■ Task details ■
Each line from the one containing "(00:00:04.000)" to the end of the material below is to be restated exactly, with pictures skipped.

■ Extracted records ■
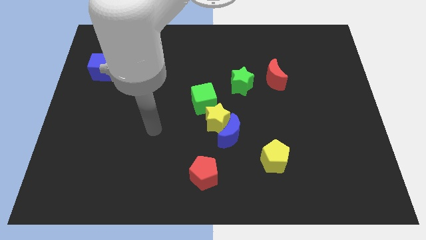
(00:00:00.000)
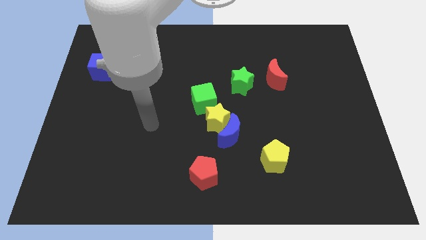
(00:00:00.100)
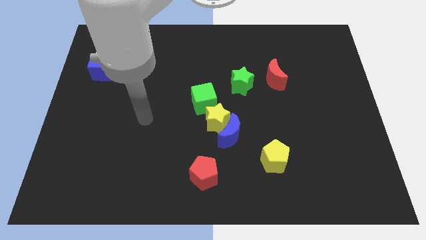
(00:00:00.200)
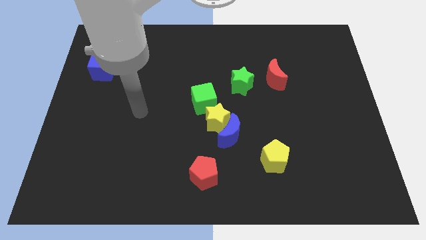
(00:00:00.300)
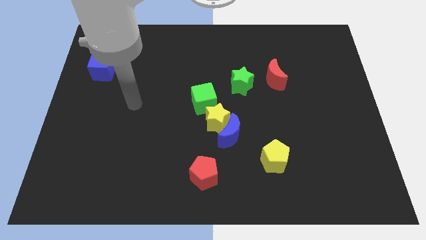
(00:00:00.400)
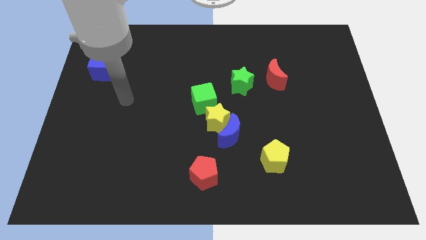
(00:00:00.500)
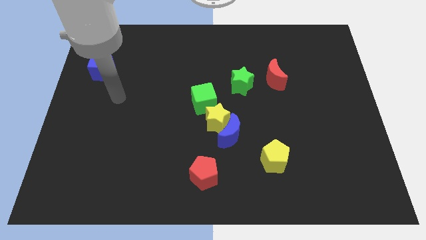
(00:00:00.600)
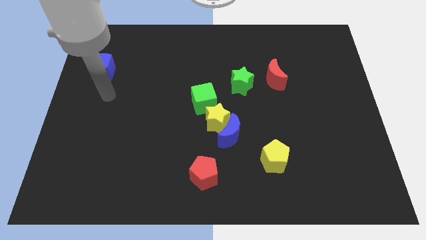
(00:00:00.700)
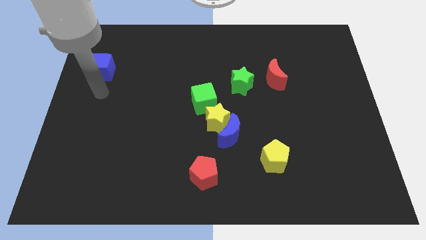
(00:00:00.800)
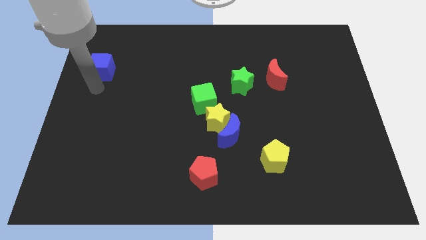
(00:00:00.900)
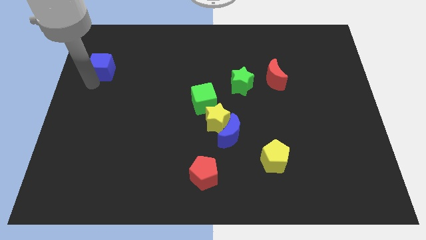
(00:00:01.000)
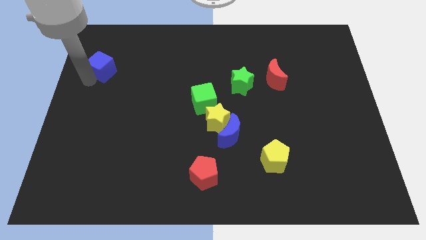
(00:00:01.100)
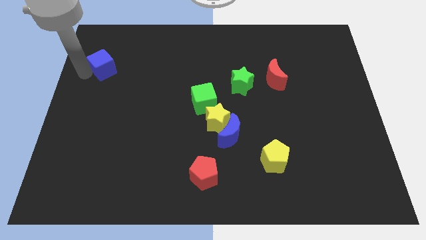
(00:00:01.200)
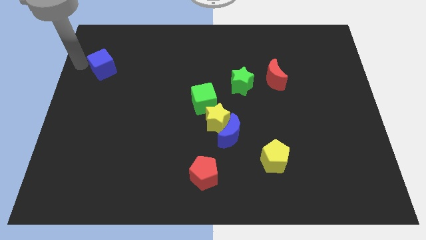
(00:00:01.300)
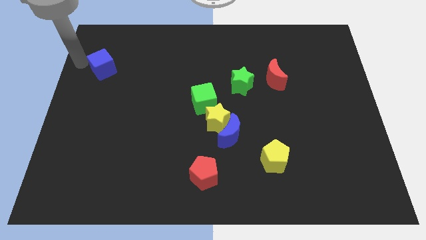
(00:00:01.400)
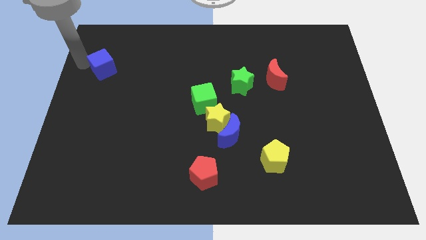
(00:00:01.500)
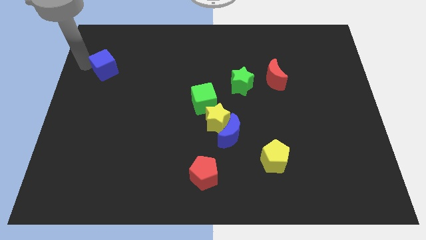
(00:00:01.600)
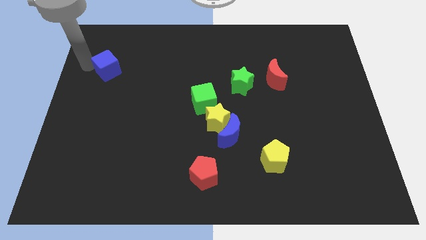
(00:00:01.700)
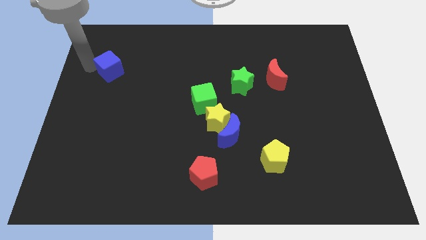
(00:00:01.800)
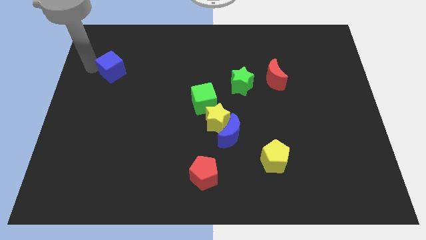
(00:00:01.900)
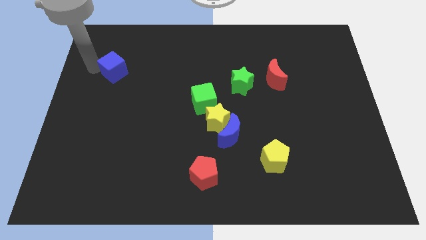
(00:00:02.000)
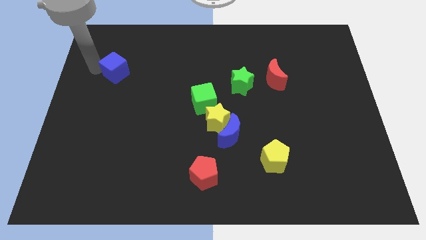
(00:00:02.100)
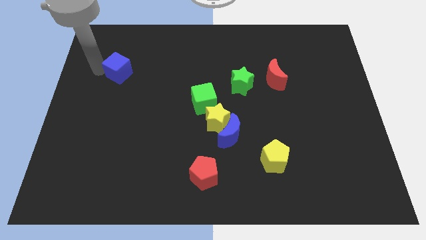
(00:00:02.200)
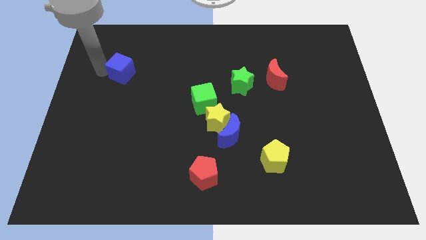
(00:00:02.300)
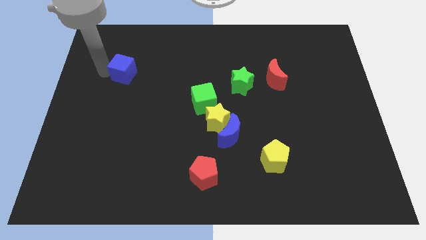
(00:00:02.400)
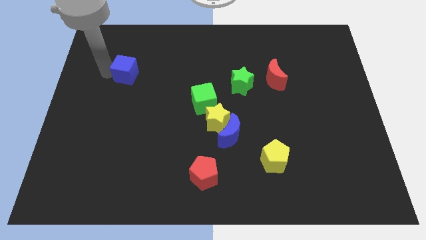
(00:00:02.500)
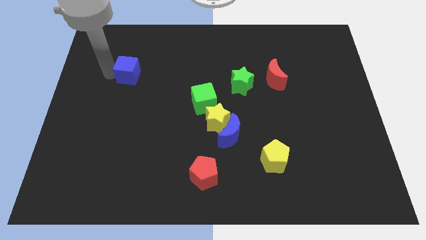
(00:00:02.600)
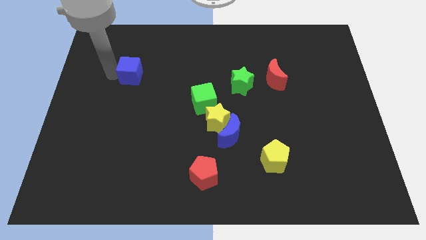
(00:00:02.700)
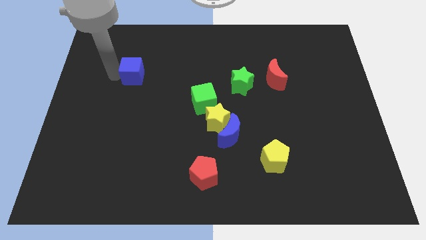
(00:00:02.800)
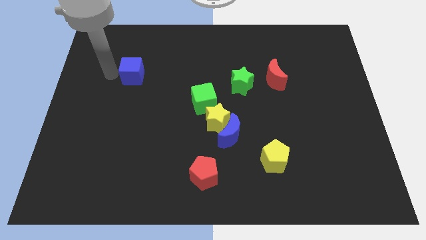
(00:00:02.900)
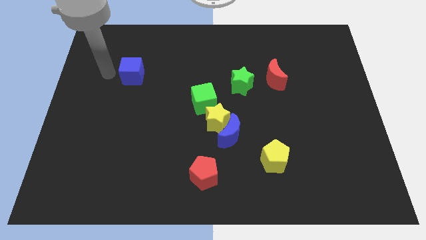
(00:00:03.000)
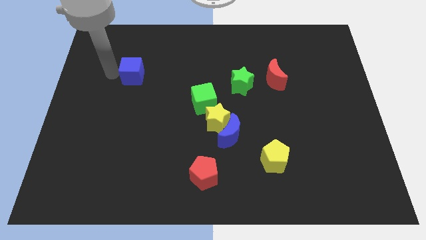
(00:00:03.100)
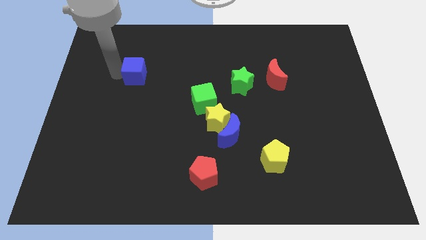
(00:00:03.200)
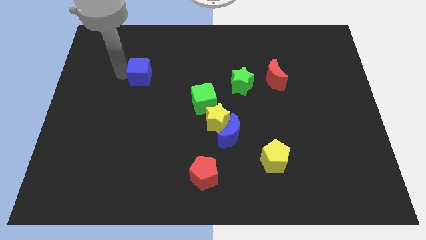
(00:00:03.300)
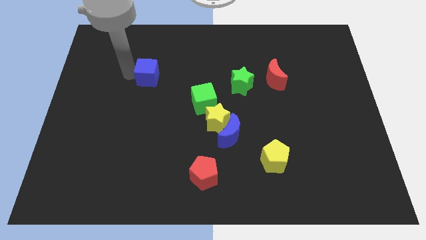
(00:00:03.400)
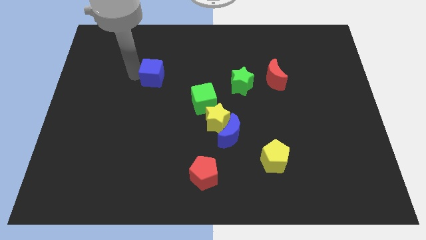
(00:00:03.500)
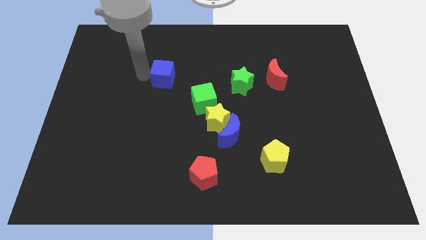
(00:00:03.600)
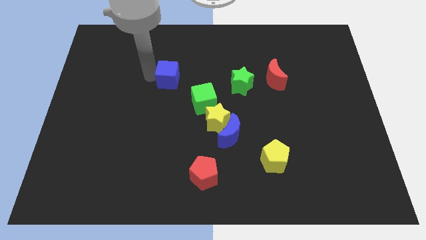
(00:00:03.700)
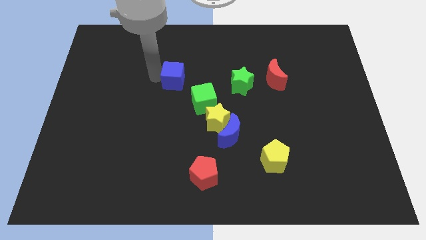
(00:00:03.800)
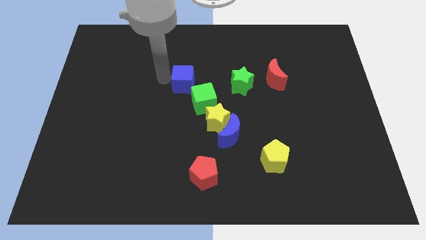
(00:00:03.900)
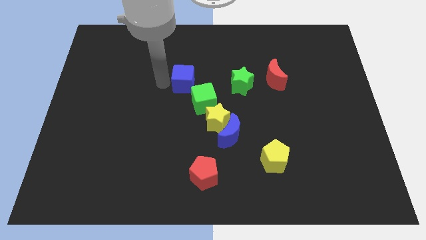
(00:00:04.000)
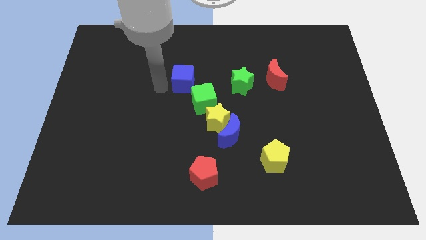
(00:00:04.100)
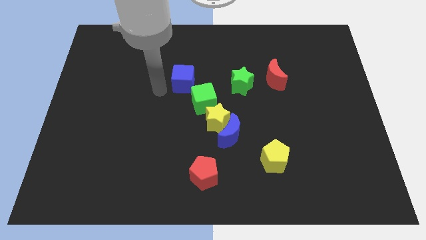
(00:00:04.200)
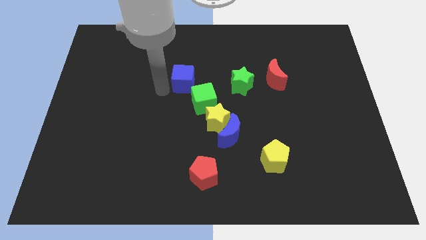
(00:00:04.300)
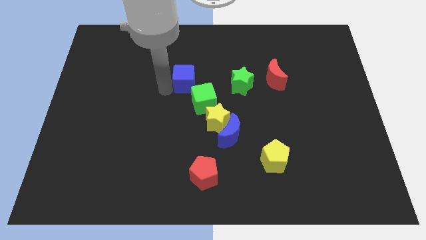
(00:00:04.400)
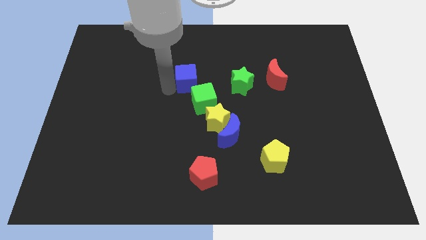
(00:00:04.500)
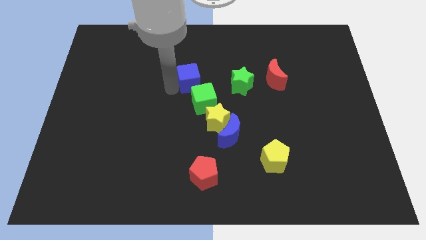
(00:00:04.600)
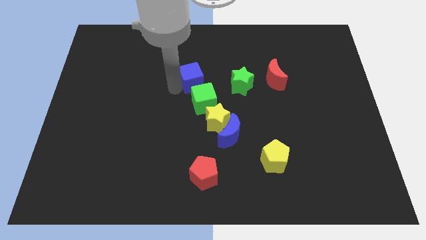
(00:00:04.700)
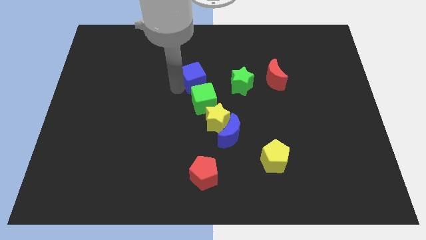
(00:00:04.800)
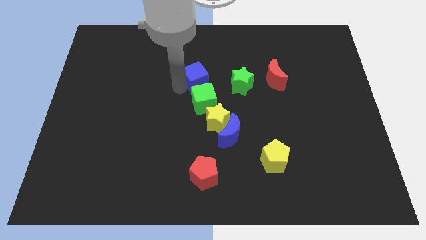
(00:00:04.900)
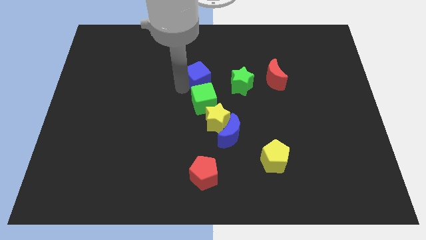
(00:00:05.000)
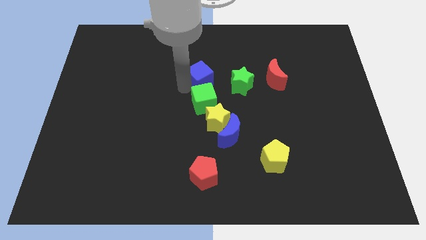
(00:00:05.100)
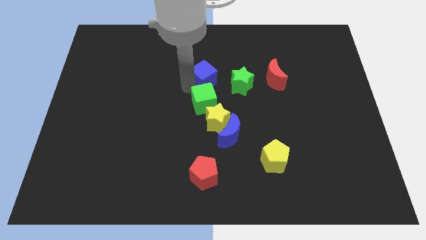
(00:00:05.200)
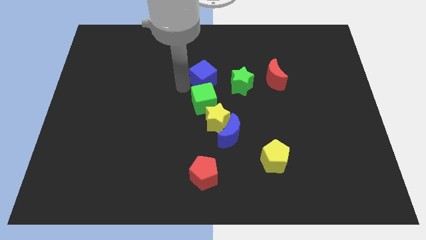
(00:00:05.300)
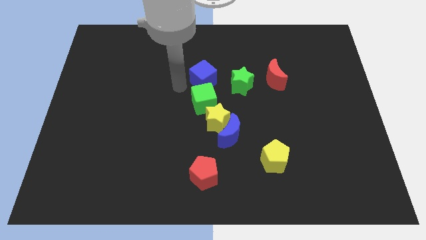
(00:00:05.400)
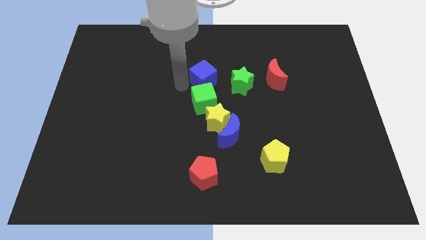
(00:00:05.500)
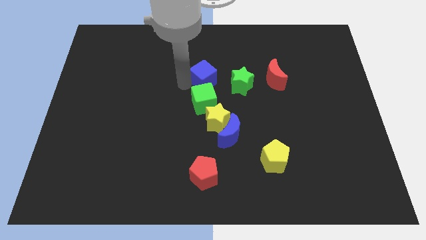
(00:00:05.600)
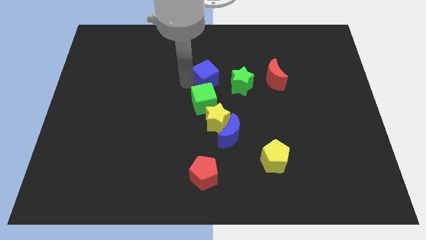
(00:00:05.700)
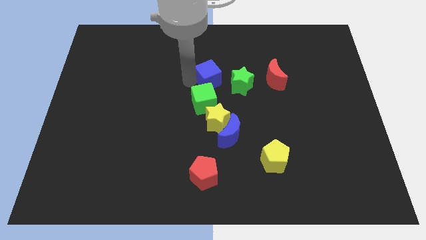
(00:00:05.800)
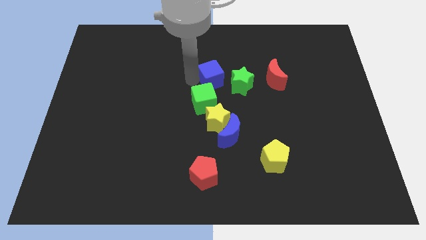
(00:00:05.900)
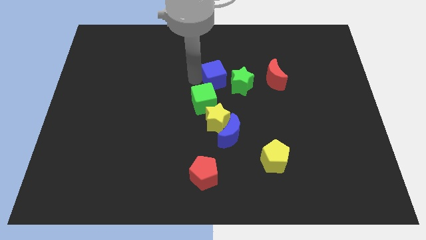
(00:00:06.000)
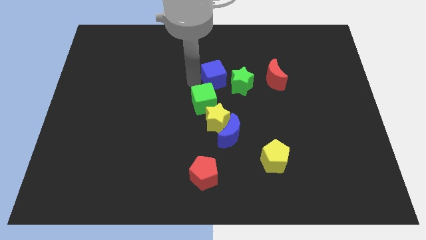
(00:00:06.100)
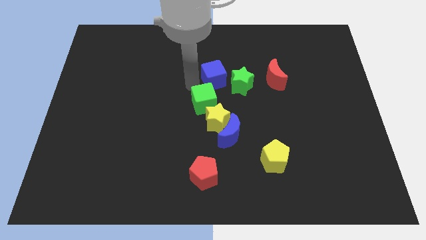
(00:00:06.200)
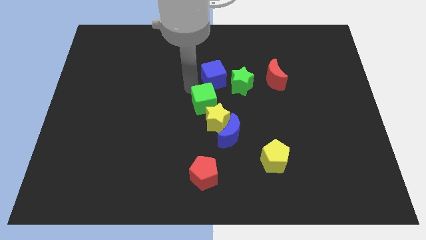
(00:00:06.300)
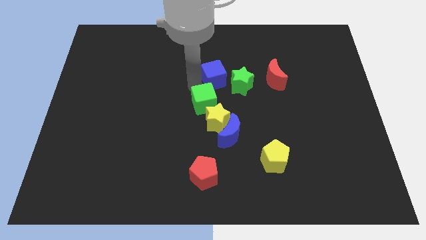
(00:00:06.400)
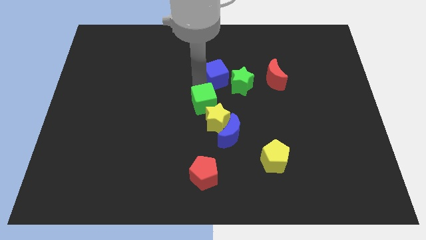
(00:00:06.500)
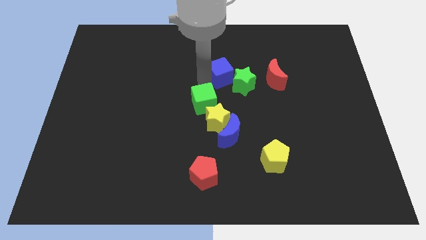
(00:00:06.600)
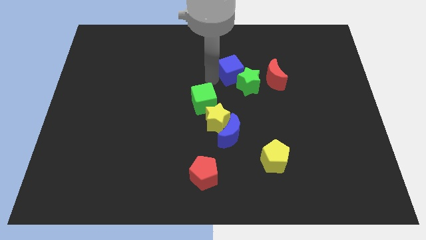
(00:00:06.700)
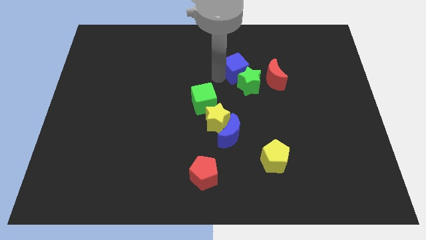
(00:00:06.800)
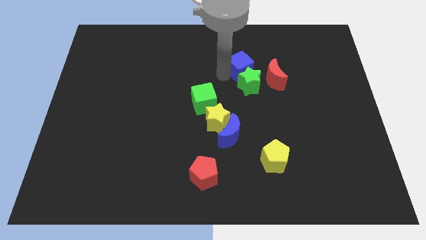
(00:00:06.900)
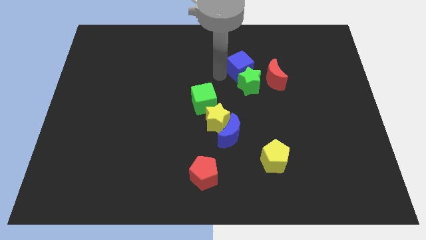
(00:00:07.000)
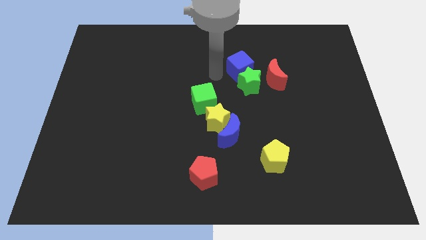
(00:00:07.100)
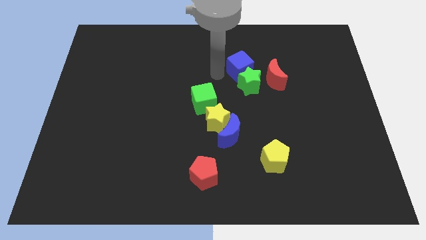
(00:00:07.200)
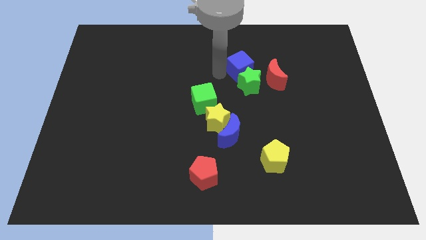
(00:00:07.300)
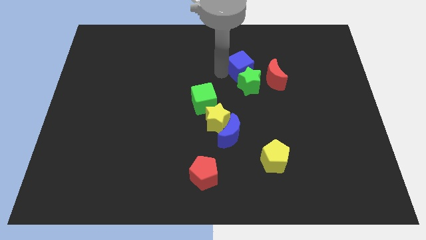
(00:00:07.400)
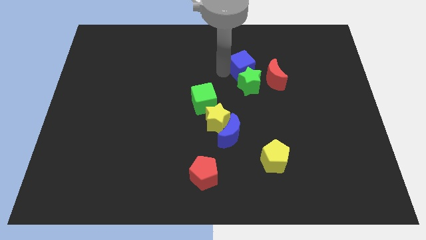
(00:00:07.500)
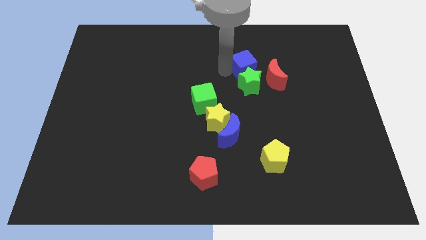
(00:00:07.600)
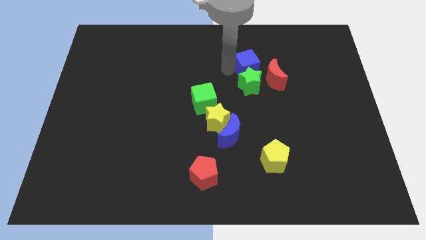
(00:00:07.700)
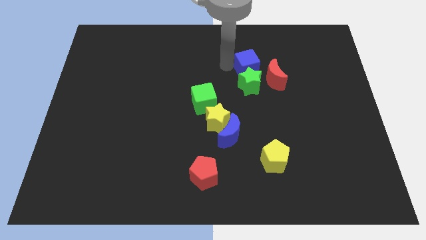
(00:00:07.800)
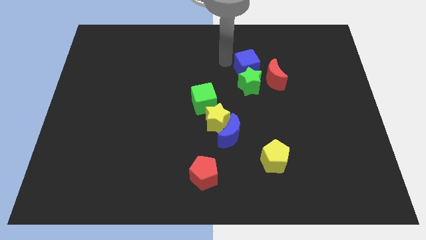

■ Solved exercise ■
(00:00:04.000)
(00:00:04.100)
(00:00:04.200)
(00:00:04.300)
(00:00:04.400)
(00:00:04.500)
(00:00:04.600)
(00:00:04.700)
(00:00:04.800)
(00:00:04.900)
(00:00:05.000)
(00:00:05.100)
(00:00:05.200)
(00:00:05.300)
(00:00:05.400)
(00:00:05.500)
(00:00:05.600)
(00:00:05.700)
(00:00:05.800)
(00:00:05.900)
(00:00:06.000)
(00:00:06.100)
(00:00:06.200)
(00:00:06.300)
(00:00:06.400)
(00:00:06.500)
(00:00:06.600)
(00:00:06.700)
(00:00:06.800)
(00:00:06.900)
(00:00:07.000)
(00:00:07.100)
(00:00:07.200)
(00:00:07.300)
(00:00:07.400)
(00:00:07.500)
(00:00:07.600)
(00:00:07.700)
(00:00:07.800)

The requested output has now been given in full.